STORED DATA:

* * * *

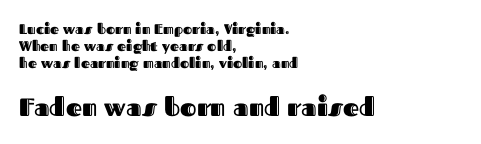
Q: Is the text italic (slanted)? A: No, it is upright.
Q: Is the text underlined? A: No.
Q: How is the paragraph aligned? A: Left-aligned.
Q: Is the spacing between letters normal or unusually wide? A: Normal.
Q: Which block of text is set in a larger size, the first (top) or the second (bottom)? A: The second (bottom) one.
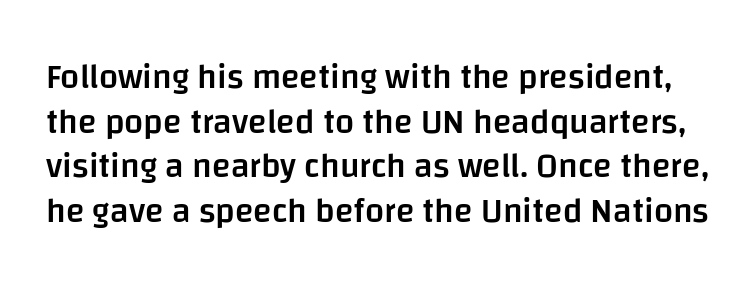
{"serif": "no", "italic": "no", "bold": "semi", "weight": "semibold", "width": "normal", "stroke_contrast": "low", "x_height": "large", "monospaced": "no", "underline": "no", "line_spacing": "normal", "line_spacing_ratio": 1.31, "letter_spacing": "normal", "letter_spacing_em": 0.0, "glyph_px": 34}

* * * *

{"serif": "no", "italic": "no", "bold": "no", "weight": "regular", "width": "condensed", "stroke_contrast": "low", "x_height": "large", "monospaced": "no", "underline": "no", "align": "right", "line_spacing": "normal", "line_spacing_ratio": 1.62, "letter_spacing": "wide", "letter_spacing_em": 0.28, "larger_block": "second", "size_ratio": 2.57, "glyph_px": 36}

* * * *

TASK TO COMPLETE: Beginning at the line with "Q: Is the text italic" and ending at the line with "Q: Which block", reproduce each line of the data above exactly, and add no other lines.

TASK ANSWER:
Q: Is the text italic (slanted)? A: No, it is upright.
Q: Is the text underlined? A: No.
Q: How is the paragraph aligned? A: Left-aligned.
Q: Is the spacing between letters normal or unusually wide? A: Normal.
Q: Which block of text is set in a larger size, the first (top) or the second (bottom)? A: The second (bottom) one.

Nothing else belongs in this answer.